(Stored items)
───
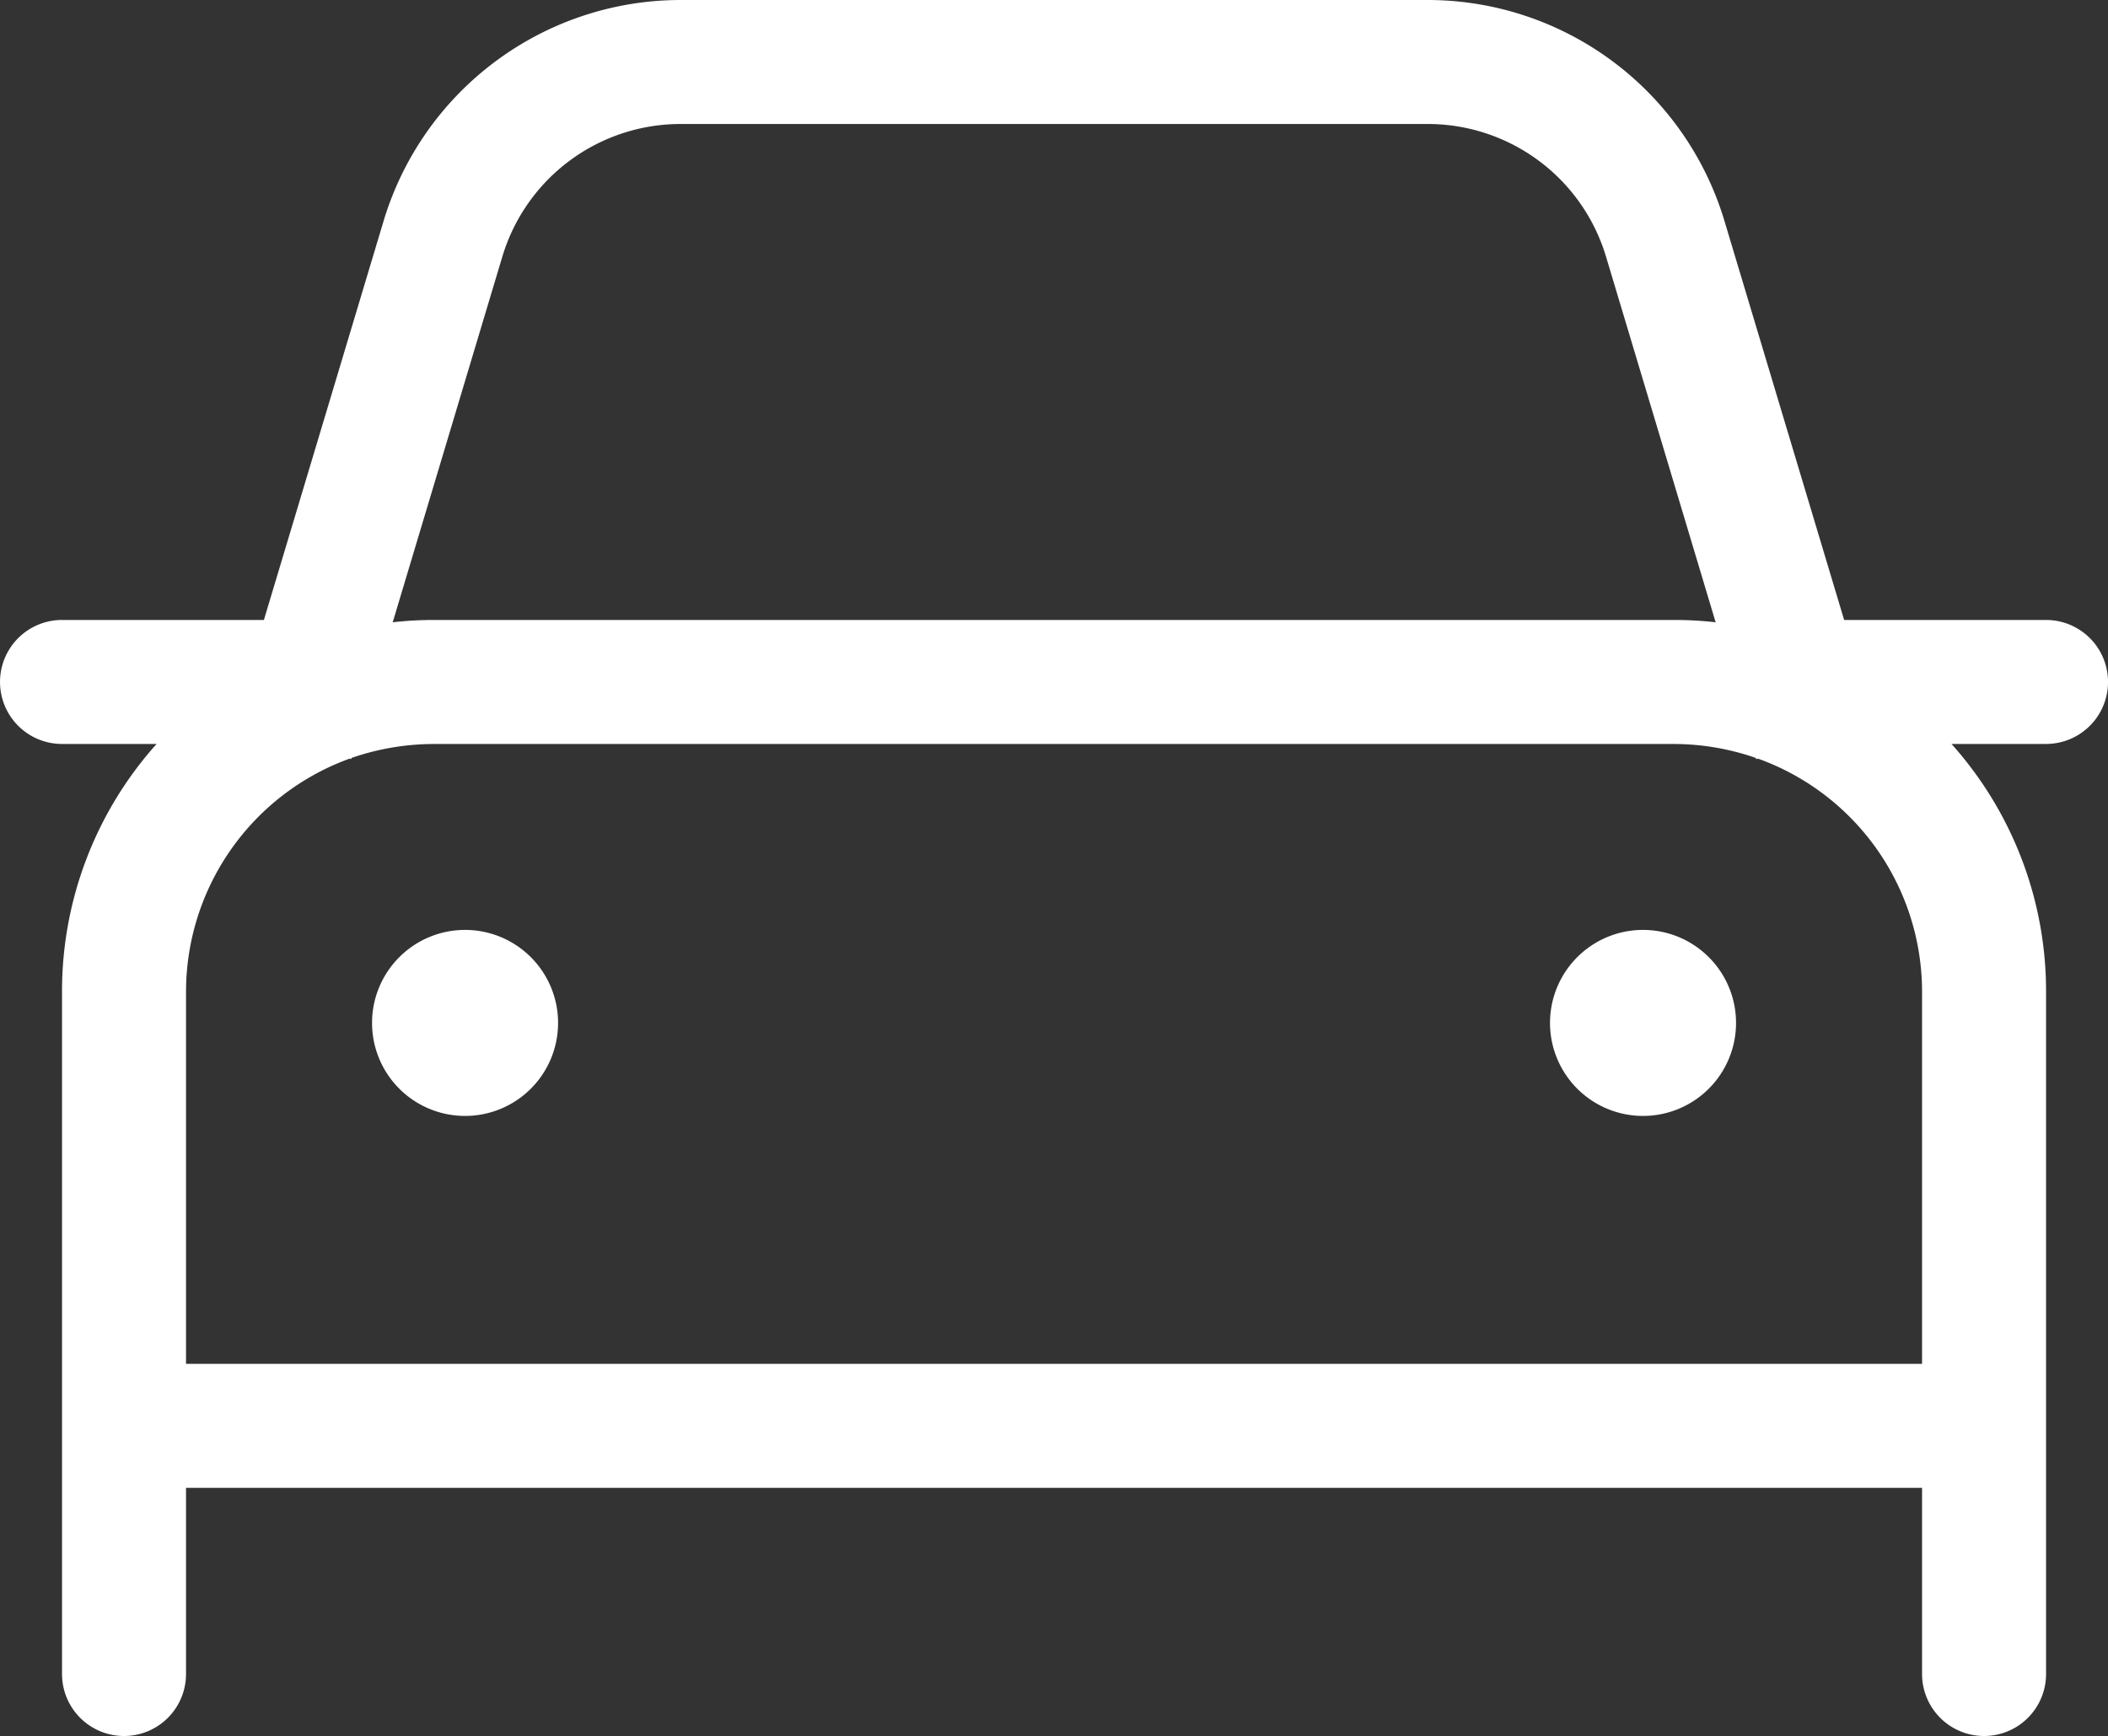 <svg xmlns="http://www.w3.org/2000/svg" width="47.344" height="38.993" viewBox="0 0 47.344 38.993">
  <rect x="0" y="0" width="47.344" height="38.993" fill="#333333" stroke="none"/>
  <g id="auto-sans-permis-simple-blanc" transform="translate(-15.999 -32)">
    <path id="Tracé_9" data-name="Tracé 9" d="M31.282,34.785a4.18,4.18,0,0,0-4,2.976l-2.463,8.216a8.233,8.233,0,0,1,.931-.052H53.6a8.231,8.231,0,0,1,.931.052l-2.463-8.216a4.18,4.18,0,0,0-4-2.976ZM23.894,49.049l-.044-.009a5.573,5.573,0,0,0-3.673,5.239v8.355h38.99V54.28a5.568,5.568,0,0,0-3.681-5.239l-.044.009-.009-.026a5.624,5.624,0,0,0-1.845-.313H25.739a5.663,5.663,0,0,0-1.845.313l-.009.026Zm-4.378-.339H17.392a1.392,1.392,0,1,1,0-2.785h4.534l2.689-8.964A6.969,6.969,0,0,1,31.282,32h16.78a6.961,6.961,0,0,1,6.666,4.96l2.689,8.965h4.534a1.392,1.392,0,0,1,0,2.785H59.828a8.321,8.321,0,0,1,2.124,5.57V69.6a1.392,1.392,0,1,1-2.785,0V65.419H20.177V69.6a1.392,1.392,0,1,1-2.785,0V54.28a8.321,8.321,0,0,1,2.124-5.57Zm4.839,6.266a2.089,2.089,0,1,1,2.089,2.089,2.089,2.089,0,0,1-2.089-2.089ZM52.9,52.887a2.089,2.089,0,1,1-2.089,2.089A2.089,2.089,0,0,1,52.9,52.887Z" fill="#fff"/>
  </g>
</svg>
───
EXERCISE BRIEF
What is wanted is the number of lines holding "fill" in the entries. Nothing else should be given.

RESPONSE
2